→ Data in this exercise:
--------------------

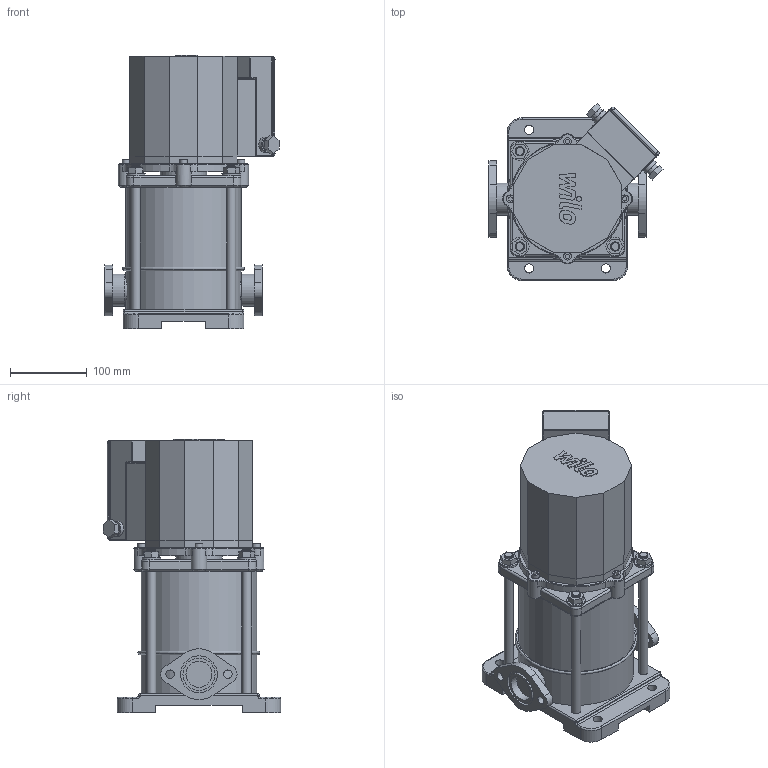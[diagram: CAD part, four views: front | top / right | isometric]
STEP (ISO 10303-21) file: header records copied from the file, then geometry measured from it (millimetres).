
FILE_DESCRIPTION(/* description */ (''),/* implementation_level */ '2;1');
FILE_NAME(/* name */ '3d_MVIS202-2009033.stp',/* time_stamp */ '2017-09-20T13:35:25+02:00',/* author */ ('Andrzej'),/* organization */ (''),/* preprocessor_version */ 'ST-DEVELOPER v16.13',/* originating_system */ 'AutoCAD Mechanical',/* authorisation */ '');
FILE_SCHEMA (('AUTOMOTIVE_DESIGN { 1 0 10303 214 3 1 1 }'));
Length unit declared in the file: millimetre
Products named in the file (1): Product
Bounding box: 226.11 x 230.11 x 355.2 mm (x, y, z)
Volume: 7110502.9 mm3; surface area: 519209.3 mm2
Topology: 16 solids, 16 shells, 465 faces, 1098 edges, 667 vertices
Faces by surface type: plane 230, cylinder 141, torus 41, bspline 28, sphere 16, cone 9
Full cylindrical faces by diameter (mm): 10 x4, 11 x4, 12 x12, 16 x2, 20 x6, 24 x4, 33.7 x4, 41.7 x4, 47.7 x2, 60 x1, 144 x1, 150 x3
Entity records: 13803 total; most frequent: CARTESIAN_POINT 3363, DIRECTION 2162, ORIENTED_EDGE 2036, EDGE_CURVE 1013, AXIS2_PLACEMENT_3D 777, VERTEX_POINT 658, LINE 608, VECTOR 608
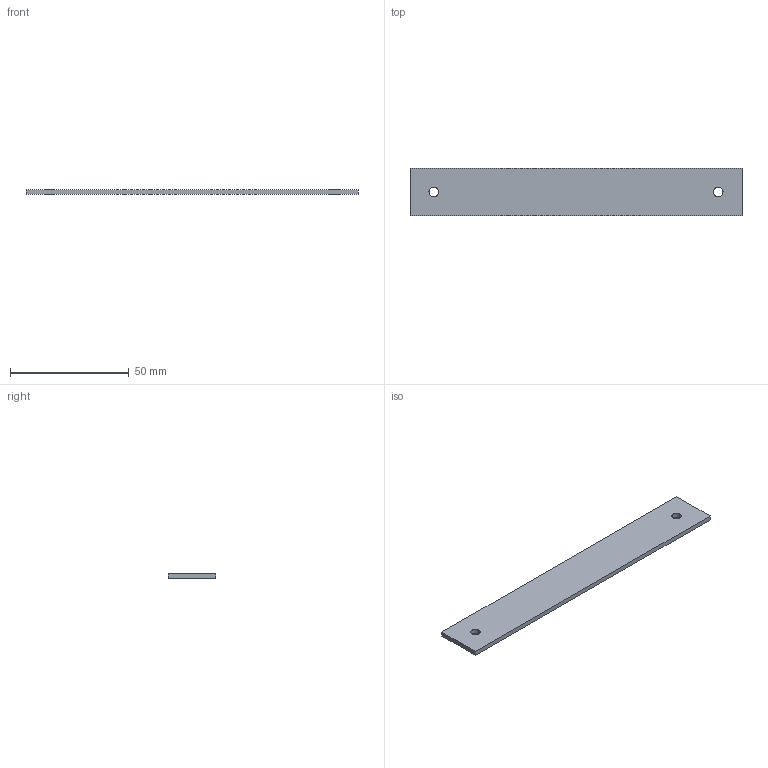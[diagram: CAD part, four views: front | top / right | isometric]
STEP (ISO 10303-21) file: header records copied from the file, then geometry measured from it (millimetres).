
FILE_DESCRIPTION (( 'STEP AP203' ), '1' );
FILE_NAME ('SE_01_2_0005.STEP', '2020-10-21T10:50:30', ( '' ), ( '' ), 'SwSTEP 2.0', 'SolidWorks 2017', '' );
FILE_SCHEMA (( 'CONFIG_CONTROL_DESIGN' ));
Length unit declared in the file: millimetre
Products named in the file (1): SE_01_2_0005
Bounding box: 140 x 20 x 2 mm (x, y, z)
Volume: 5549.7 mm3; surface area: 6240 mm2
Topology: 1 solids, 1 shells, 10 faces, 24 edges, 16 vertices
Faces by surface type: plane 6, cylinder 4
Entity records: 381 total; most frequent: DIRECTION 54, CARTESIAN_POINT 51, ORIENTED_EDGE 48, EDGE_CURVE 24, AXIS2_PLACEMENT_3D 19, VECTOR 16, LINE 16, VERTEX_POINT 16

--------------------

→ Work to be completed: Retype all of the listing word for word and skip the pictures.

→ Finished exercise:
[diagram: CAD part, four views: front | top / right | isometric]
STEP (ISO 10303-21) file: header records copied from the file, then geometry measured from it (millimetres).
FILE_DESCRIPTION(/* description */ (''),/* implementation_level */ '2;1');
FILE_NAME(/* name */ '3d_MVIS202-2009033.stp',/* time_stamp */ '2017-09-20T13:35:25+02:00',/* author */ ('Andrzej'),/* organization */ (''),/* preprocessor_version */ 'ST-DEVELOPER v16.13',/* originating_system */ 'AutoCAD Mechanical',/* authorisation */ '');
FILE_SCHEMA (('AUTOMOTIVE_DESIGN { 1 0 10303 214 3 1 1 }'));
Length unit declared in the file: millimetre
Products named in the file (1): Product
Bounding box: 226.11 x 230.11 x 355.2 mm (x, y, z)
Volume: 7110502.9 mm3; surface area: 519209.3 mm2
Topology: 16 solids, 16 shells, 465 faces, 1098 edges, 667 vertices
Faces by surface type: plane 230, cylinder 141, torus 41, bspline 28, sphere 16, cone 9
Full cylindrical faces by diameter (mm): 10 x4, 11 x4, 12 x12, 16 x2, 20 x6, 24 x4, 33.7 x4, 41.7 x4, 47.7 x2, 60 x1, 144 x1, 150 x3
Entity records: 13803 total; most frequent: CARTESIAN_POINT 3363, DIRECTION 2162, ORIENTED_EDGE 2036, EDGE_CURVE 1013, AXIS2_PLACEMENT_3D 777, VERTEX_POINT 658, LINE 608, VECTOR 608
[diagram: CAD part, four views: front | top / right | isometric]
STEP (ISO 10303-21) file: header records copied from the file, then geometry measured from it (millimetres).
FILE_DESCRIPTION (( 'STEP AP203' ), '1' );
FILE_NAME ('SE_01_2_0005.STEP', '2020-10-21T10:50:30', ( '' ), ( '' ), 'SwSTEP 2.0', 'SolidWorks 2017', '' );
FILE_SCHEMA (( 'CONFIG_CONTROL_DESIGN' ));
Length unit declared in the file: millimetre
Products named in the file (1): SE_01_2_0005
Bounding box: 140 x 20 x 2 mm (x, y, z)
Volume: 5549.7 mm3; surface area: 6240 mm2
Topology: 1 solids, 1 shells, 10 faces, 24 edges, 16 vertices
Faces by surface type: plane 6, cylinder 4
Entity records: 381 total; most frequent: DIRECTION 54, CARTESIAN_POINT 51, ORIENTED_EDGE 48, EDGE_CURVE 24, AXIS2_PLACEMENT_3D 19, VECTOR 16, LINE 16, VERTEX_POINT 16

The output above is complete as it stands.